その日.私たちの病棟には.よく似た患者さんが2人.同じ時間に入院していました。 二人とも不妊症で体外受精を受けたが.一人は3回目.もう一人は7回目と失敗を繰り返していたため.「大切な子供たち」だったのだ! しかし.お二人とも妊娠中に高熱と咳が出たものの.胎内の赤ちゃんを気にして胸部X線検査を間に合わせなかったそうです。 その後.頭痛.嘔吐.痙攣.昏睡などの症状が現れ.生命の危機を感じたため.胸部X線検査と腰椎穿刺を行いました。 生後1カ月に満たない胎児は.母体と胎児を救うために帝王切開で取り出さなければならなかった。
結局.医療スタッフは2人の不幸な母親を救うために全力を尽くし.幽霊の扉から連れ戻すことに成功した。 しかし.彼らの大切な子供たちは.二人とも先天性の結核を患っており.多額の資金を費やしたものの.二人とも助かることはなかった。
彼らの悲惨な試練を目の当たりにし.不幸な家族のことを考えると.とても悲しい気持ちになり.言いたいことが喉まで出かかった。 そこで私は.彼女たちの後に続くかもしれない女性たちが同じ過ちを繰り返さないよう.二度と悲劇が起きないよう.この記事を書いています。 私の記事で誰かが得をするのであれば.それはとても安心なことです。
この記事を読んでほしいのは.次の3タイプの人たちです。
1.骨盤内結核に罹患しているのに気づいていない女性.特に不妊症で妊娠を希望している場合。

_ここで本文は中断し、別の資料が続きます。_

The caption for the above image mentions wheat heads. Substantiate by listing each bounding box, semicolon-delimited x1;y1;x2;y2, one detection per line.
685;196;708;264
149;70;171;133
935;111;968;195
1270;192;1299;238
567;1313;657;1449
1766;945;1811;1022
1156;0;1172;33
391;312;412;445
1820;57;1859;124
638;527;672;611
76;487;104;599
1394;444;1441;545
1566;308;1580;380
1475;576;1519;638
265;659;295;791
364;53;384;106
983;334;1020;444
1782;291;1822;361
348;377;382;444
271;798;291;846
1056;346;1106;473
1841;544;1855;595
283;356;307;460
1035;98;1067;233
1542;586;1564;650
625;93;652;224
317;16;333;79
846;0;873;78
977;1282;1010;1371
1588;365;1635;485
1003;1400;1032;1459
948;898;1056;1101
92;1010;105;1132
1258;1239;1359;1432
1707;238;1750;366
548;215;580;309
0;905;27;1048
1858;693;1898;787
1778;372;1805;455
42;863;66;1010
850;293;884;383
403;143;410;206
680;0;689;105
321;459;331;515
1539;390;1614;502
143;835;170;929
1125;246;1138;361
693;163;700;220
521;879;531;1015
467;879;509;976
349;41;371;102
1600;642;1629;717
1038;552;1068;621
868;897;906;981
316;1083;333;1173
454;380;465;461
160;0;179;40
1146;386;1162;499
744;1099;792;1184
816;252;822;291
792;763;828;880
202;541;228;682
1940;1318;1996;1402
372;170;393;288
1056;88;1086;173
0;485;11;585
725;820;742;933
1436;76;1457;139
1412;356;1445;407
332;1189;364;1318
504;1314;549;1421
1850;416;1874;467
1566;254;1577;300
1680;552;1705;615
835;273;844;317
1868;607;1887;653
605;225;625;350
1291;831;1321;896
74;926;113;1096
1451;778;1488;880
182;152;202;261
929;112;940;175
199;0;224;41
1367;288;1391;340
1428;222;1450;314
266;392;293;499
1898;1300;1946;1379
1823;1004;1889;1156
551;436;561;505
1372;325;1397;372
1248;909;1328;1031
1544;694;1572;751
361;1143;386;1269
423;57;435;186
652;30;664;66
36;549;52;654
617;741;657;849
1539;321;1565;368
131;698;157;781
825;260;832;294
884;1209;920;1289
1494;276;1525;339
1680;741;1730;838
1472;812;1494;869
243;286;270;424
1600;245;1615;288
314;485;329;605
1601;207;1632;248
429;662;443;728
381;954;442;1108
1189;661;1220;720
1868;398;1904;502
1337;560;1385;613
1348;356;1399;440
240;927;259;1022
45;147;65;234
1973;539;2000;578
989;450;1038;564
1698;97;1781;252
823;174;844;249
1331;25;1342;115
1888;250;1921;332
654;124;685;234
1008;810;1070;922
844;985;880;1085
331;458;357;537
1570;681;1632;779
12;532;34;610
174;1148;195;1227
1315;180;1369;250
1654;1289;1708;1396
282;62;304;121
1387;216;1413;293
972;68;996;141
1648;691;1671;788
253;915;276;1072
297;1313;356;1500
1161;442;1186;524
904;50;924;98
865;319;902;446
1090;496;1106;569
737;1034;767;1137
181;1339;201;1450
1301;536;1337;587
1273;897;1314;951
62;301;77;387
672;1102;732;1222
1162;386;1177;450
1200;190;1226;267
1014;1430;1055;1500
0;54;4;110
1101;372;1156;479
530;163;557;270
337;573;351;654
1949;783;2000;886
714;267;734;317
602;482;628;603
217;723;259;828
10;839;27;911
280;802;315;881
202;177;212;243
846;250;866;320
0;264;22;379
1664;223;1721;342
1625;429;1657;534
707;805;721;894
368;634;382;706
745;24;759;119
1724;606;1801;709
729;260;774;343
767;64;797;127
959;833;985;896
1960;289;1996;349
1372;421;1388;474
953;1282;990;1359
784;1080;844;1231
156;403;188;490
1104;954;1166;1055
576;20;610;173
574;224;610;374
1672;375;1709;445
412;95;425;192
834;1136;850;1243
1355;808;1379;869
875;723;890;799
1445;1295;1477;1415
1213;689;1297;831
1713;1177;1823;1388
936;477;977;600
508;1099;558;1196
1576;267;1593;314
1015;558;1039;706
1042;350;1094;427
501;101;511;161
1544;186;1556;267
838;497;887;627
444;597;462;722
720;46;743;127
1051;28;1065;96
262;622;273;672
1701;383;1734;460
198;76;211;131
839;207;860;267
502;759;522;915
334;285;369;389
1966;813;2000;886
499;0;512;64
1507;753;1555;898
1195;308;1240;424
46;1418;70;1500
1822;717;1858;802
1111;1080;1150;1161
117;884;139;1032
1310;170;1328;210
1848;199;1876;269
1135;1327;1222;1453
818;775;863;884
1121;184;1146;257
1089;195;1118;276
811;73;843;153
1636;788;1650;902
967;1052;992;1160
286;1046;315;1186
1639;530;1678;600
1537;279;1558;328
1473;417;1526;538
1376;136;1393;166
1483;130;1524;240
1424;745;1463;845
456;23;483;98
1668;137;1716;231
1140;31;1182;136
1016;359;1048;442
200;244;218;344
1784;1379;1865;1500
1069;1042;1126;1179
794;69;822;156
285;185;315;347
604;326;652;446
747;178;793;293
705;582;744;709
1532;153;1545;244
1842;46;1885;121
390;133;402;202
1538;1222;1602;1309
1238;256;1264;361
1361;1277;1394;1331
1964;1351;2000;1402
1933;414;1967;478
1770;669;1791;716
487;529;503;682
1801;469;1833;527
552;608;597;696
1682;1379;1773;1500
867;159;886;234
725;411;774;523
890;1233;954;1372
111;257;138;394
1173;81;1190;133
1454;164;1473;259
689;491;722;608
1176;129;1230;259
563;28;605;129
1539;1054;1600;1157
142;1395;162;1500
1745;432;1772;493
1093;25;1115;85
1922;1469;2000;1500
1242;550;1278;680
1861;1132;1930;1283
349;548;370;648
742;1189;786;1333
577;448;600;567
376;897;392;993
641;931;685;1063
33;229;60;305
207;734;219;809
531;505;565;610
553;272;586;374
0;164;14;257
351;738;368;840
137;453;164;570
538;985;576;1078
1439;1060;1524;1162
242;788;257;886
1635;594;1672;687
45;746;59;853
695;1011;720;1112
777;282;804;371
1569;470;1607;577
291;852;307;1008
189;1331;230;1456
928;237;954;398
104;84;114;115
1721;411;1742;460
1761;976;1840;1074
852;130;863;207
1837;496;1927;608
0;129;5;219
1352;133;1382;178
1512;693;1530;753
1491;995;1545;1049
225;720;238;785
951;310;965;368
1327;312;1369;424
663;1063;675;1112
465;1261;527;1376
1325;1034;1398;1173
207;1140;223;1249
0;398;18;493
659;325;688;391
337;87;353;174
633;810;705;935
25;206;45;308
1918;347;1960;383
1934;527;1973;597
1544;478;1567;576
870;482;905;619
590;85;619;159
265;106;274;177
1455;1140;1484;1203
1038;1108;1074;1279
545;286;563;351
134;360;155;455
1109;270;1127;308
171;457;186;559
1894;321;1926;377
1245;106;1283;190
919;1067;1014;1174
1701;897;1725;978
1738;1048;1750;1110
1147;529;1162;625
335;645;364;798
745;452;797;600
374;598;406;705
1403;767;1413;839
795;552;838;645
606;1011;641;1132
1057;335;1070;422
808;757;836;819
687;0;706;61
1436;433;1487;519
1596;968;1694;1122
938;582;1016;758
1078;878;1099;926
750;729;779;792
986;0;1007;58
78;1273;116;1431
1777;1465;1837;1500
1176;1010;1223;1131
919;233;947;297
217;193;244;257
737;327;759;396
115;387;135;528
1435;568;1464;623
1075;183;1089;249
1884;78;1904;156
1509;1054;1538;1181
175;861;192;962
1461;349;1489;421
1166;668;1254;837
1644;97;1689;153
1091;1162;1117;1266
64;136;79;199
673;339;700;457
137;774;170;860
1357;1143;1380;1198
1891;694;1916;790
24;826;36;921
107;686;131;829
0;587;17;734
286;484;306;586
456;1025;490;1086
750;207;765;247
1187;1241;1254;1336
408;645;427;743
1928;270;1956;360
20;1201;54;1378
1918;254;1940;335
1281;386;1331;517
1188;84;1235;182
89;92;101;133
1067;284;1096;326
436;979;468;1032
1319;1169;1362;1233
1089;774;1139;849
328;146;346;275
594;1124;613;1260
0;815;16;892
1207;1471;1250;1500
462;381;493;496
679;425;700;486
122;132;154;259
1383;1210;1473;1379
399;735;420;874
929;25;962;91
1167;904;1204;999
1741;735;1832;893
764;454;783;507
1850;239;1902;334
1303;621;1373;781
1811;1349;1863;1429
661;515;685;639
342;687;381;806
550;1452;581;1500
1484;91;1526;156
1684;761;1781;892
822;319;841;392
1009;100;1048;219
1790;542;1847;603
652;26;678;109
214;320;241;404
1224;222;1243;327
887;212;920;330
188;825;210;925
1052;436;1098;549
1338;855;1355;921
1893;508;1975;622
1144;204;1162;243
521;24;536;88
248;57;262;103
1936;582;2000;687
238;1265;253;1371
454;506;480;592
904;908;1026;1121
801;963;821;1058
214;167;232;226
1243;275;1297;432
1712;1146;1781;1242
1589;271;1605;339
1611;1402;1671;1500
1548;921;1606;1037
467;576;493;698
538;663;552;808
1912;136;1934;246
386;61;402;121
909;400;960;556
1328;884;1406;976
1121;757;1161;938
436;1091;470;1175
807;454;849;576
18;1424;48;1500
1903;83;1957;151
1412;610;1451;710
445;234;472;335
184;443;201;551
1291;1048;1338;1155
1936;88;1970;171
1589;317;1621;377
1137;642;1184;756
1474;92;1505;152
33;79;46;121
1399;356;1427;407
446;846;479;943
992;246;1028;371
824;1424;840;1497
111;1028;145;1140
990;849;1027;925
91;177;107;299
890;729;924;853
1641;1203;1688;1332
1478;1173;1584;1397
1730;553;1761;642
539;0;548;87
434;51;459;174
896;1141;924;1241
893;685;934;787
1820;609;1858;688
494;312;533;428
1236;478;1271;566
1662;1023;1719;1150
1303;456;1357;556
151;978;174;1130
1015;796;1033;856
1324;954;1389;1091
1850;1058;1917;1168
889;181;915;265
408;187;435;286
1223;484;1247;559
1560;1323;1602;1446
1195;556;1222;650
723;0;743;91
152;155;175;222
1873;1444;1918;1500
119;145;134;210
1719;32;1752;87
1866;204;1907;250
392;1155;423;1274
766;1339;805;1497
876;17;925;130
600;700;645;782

2.産科医.婦人科医.不妊治療センターの医師(特に体外受精を行う医師)。
3.結核のお医者さん
肺外結核の患者の多くは.骨結核は整形外科.腸結核は消化器内科.腎結核は腎臓内科や泌尿器科といったように.適切な科で最初に診察される。 診断と鑑別は適切な科で行い.治療は結核科で行う必要があり.診断と治療を完了するためには両科の協力が必要ということです。 骨盤内結核の患者は.まず産婦人科で受診し.大多数は産婦人科医も診断した上で結核科で治療する必要がある。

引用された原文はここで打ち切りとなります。